**ACTIVITY**
Restate the whole of the data below word for word, skipping the images.

Saved data entries:

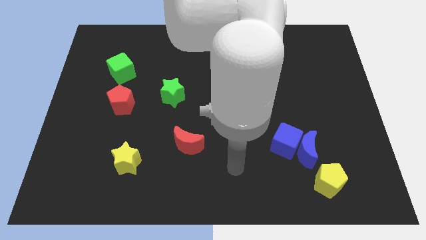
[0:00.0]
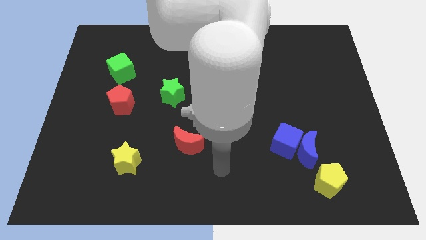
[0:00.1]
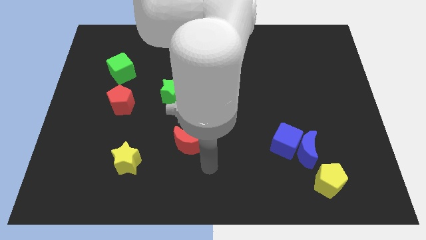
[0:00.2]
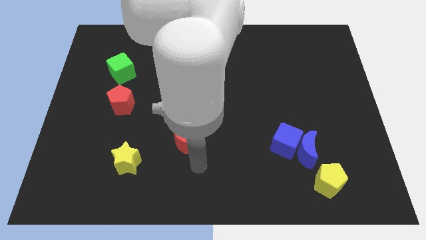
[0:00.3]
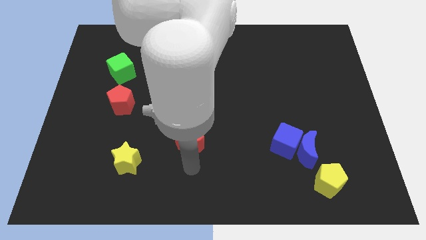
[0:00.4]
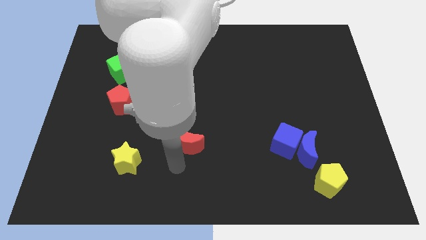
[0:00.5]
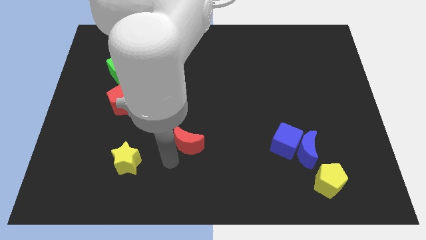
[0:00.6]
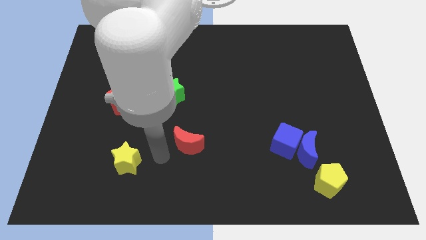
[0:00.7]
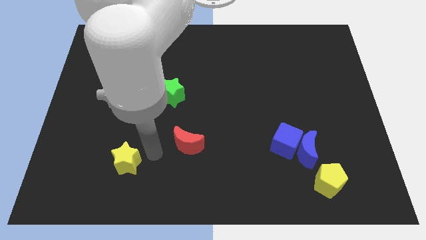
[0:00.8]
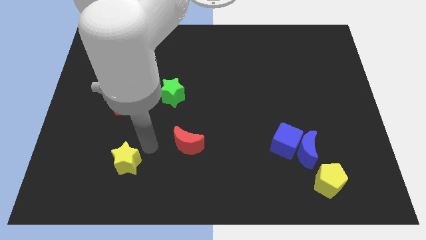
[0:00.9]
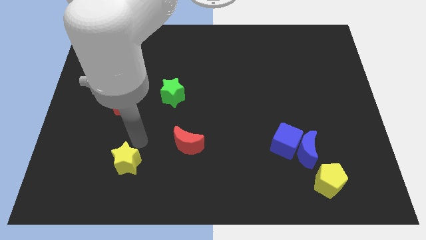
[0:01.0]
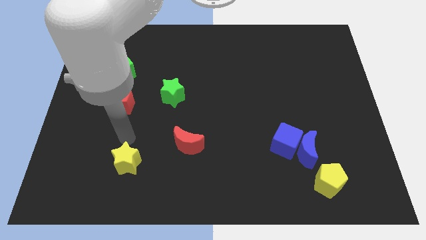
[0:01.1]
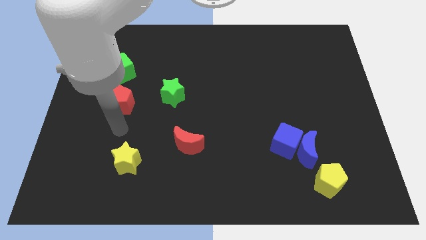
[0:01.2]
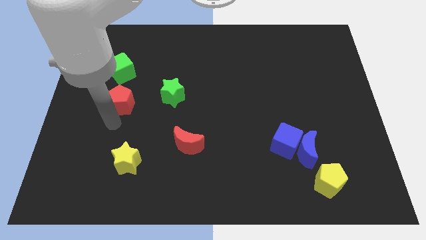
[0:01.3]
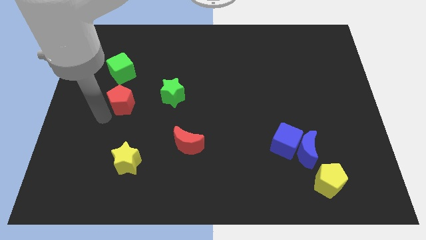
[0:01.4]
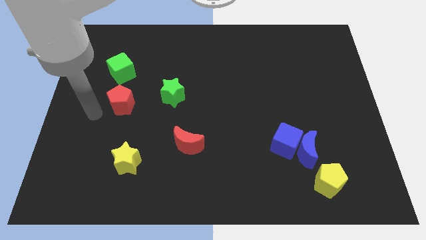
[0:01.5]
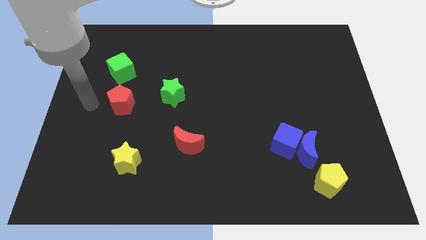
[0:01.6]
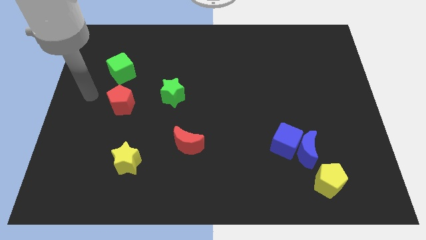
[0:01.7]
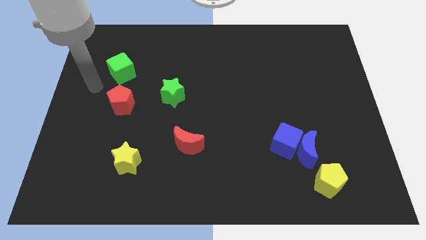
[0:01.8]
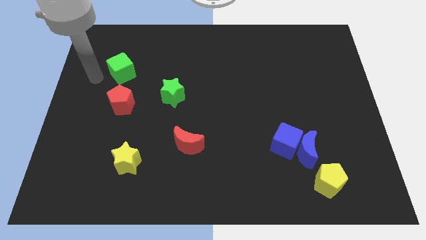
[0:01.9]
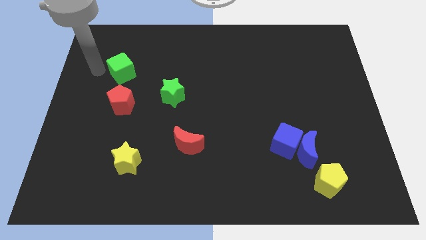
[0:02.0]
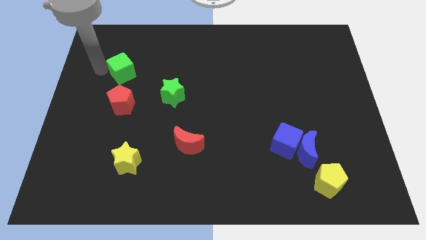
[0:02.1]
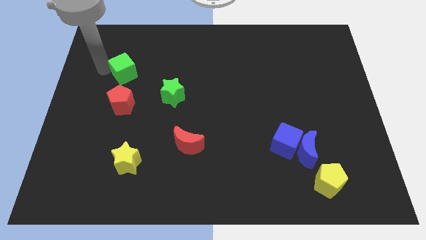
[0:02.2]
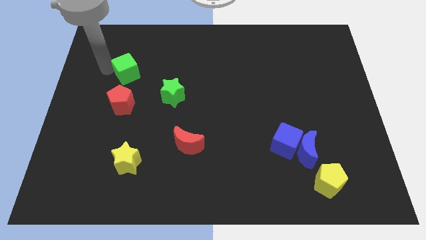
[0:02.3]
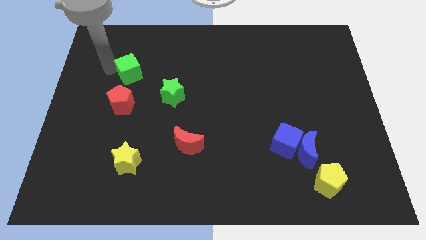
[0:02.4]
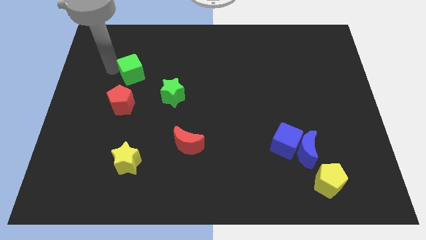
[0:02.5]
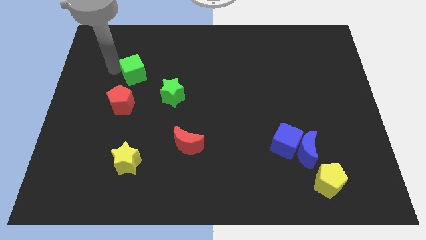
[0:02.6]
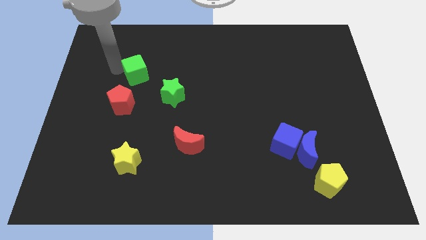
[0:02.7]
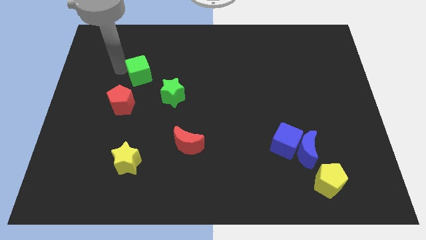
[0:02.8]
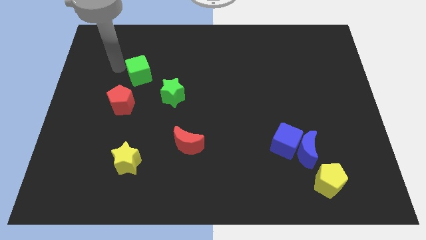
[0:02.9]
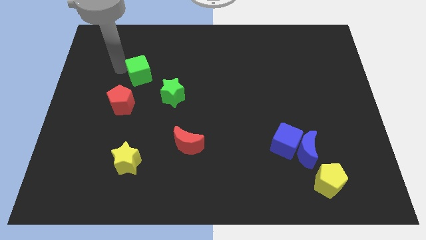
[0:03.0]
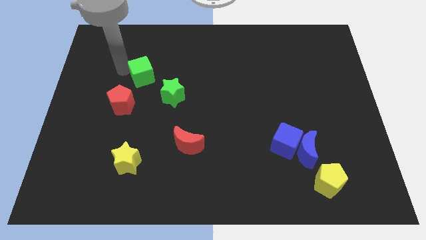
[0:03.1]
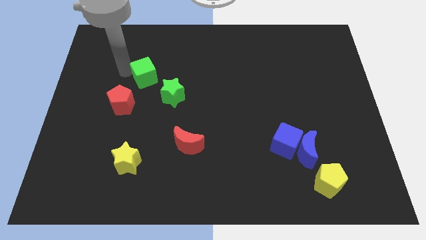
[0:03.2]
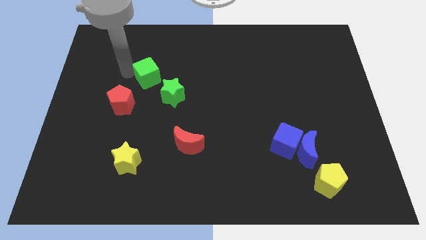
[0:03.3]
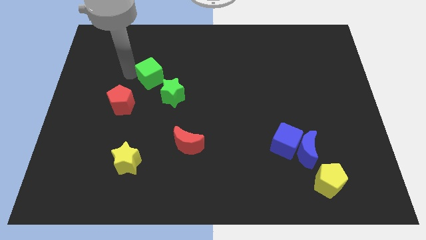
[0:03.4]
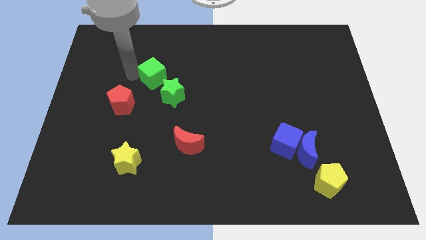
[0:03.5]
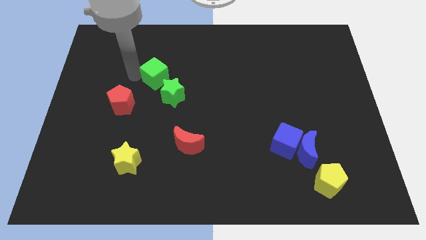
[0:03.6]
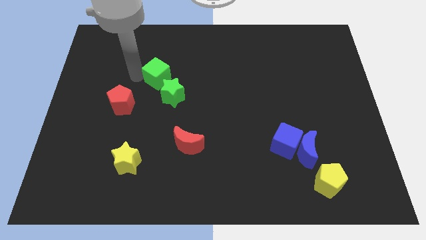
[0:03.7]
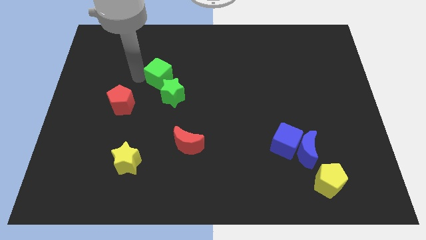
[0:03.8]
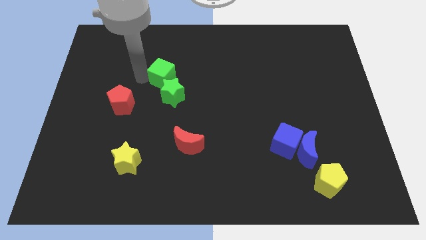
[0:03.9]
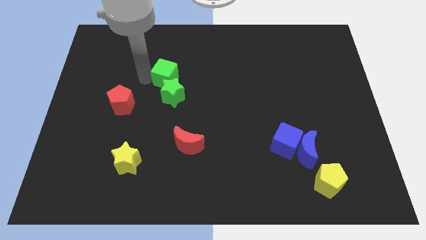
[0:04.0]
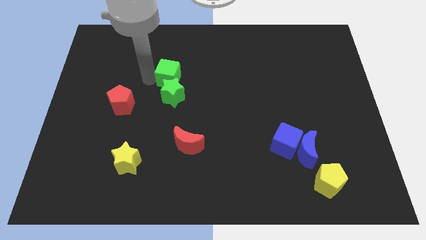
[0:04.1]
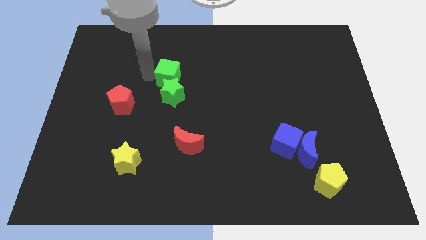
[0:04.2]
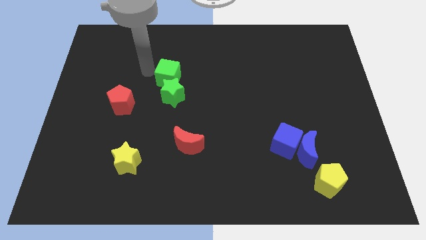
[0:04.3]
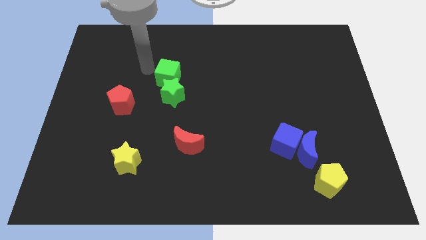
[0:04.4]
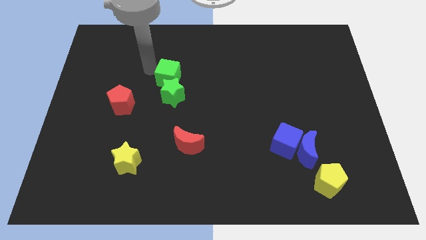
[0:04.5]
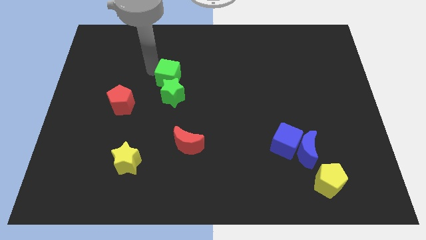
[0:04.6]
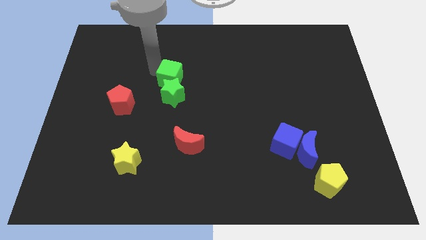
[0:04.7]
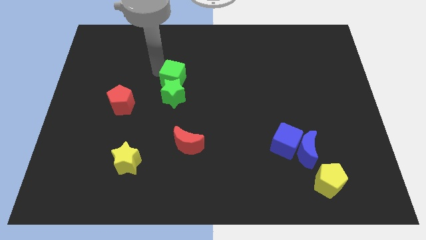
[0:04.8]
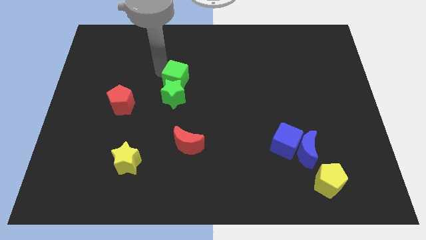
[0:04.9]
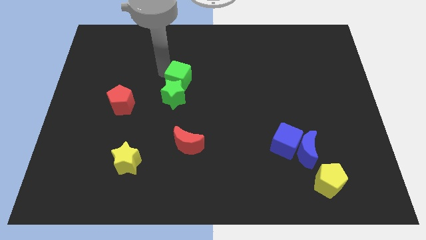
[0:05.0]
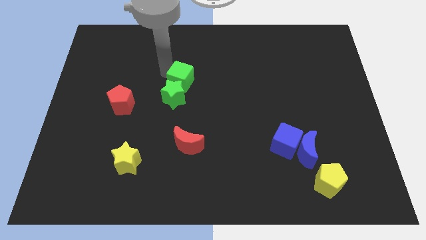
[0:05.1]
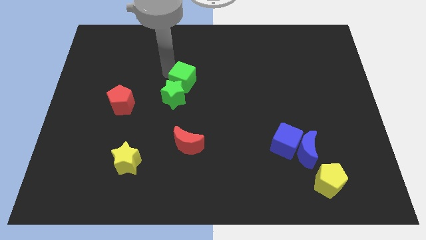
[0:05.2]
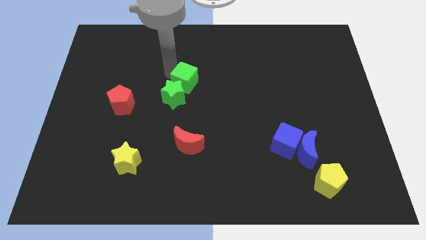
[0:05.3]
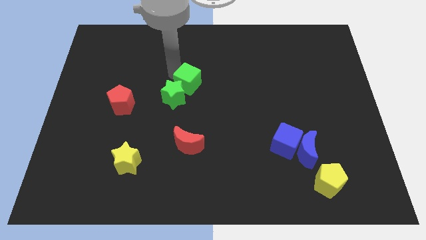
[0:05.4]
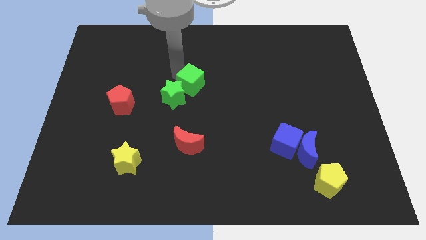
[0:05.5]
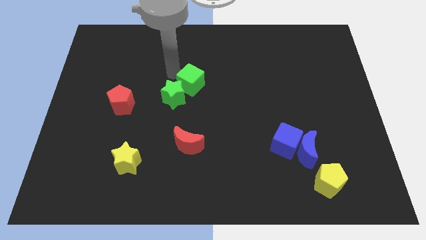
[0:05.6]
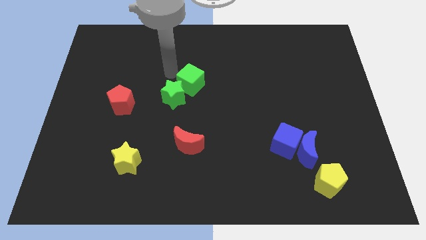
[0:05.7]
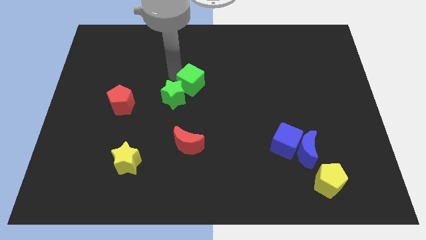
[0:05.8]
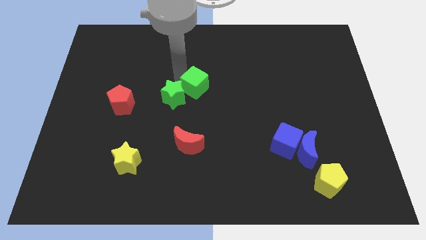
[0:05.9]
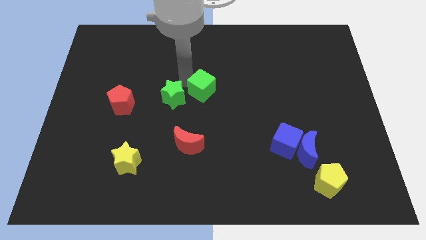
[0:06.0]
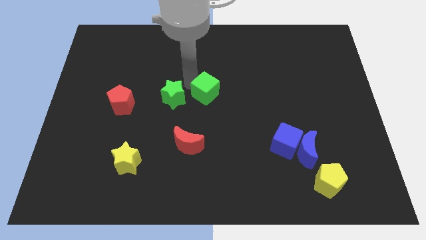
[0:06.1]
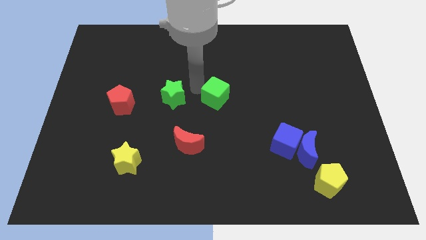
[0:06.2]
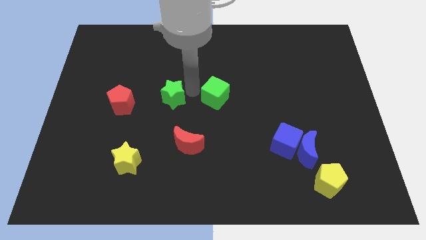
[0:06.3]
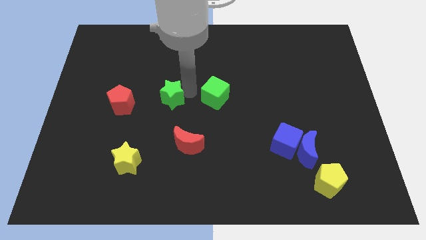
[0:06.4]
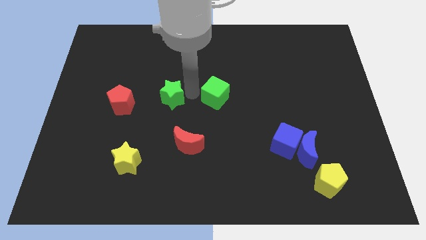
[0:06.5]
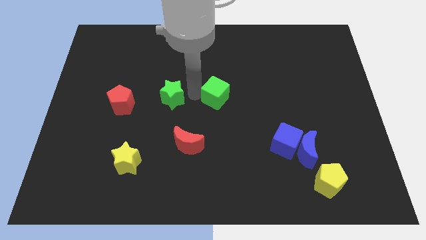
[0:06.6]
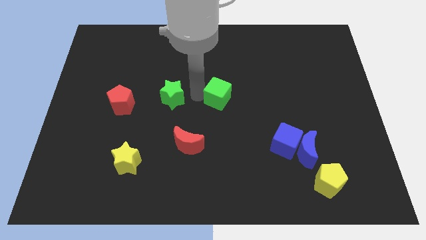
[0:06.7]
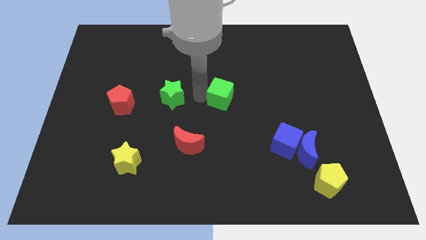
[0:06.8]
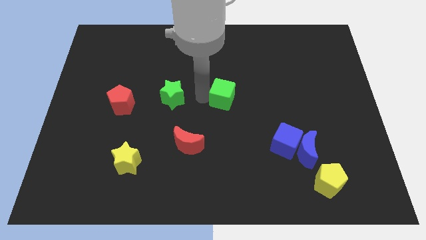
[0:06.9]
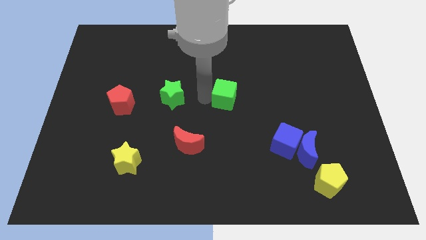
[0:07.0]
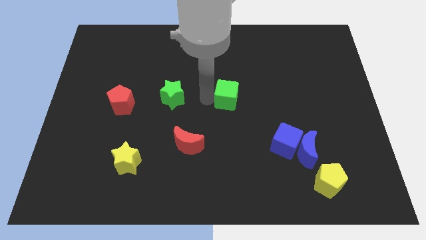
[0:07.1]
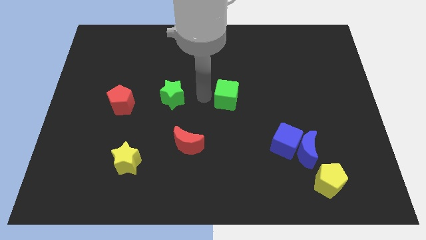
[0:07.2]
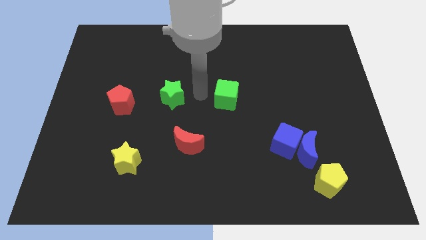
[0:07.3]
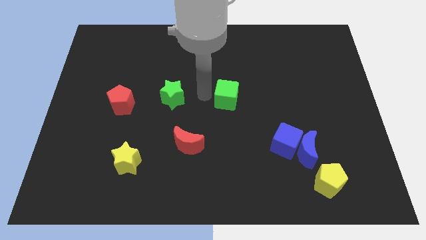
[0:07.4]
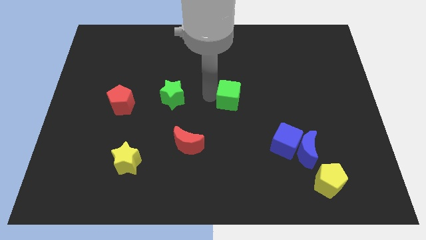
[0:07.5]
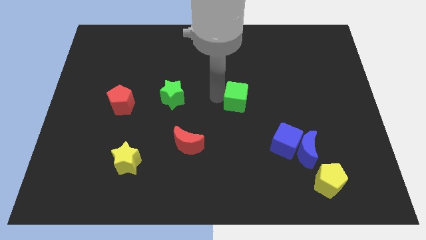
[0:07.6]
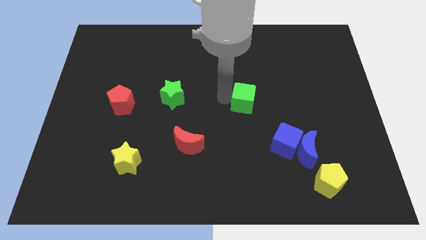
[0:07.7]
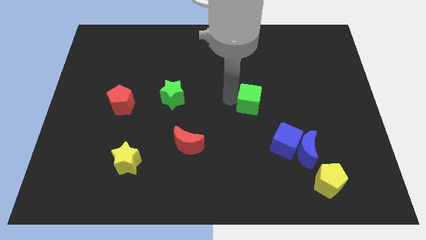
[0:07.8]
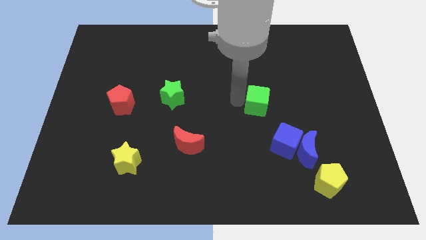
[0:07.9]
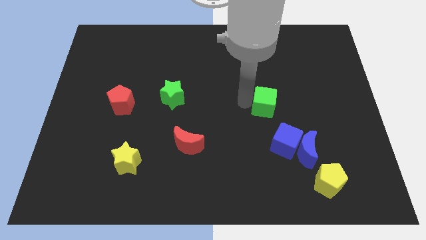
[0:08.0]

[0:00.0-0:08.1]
slide the green cube above the blue cube

**RESPONSE BOX**
[0:00.0]
[0:00.1]
[0:00.2]
[0:00.3]
[0:00.4]
[0:00.5]
[0:00.6]
[0:00.7]
[0:00.8]
[0:00.9]
[0:01.0]
[0:01.1]
[0:01.2]
[0:01.3]
[0:01.4]
[0:01.5]
[0:01.6]
[0:01.7]
[0:01.8]
[0:01.9]
[0:02.0]
[0:02.1]
[0:02.2]
[0:02.3]
[0:02.4]
[0:02.5]
[0:02.6]
[0:02.7]
[0:02.8]
[0:02.9]
[0:03.0]
[0:03.1]
[0:03.2]
[0:03.3]
[0:03.4]
[0:03.5]
[0:03.6]
[0:03.7]
[0:03.8]
[0:03.9]
[0:04.0]
[0:04.1]
[0:04.2]
[0:04.3]
[0:04.4]
[0:04.5]
[0:04.6]
[0:04.7]
[0:04.8]
[0:04.9]
[0:05.0]
[0:05.1]
[0:05.2]
[0:05.3]
[0:05.4]
[0:05.5]
[0:05.6]
[0:05.7]
[0:05.8]
[0:05.9]
[0:06.0]
[0:06.1]
[0:06.2]
[0:06.3]
[0:06.4]
[0:06.5]
[0:06.6]
[0:06.7]
[0:06.8]
[0:06.9]
[0:07.0]
[0:07.1]
[0:07.2]
[0:07.3]
[0:07.4]
[0:07.5]
[0:07.6]
[0:07.7]
[0:07.8]
[0:07.9]
[0:08.0]

[0:00.0-0:08.1]
slide the green cube above the blue cube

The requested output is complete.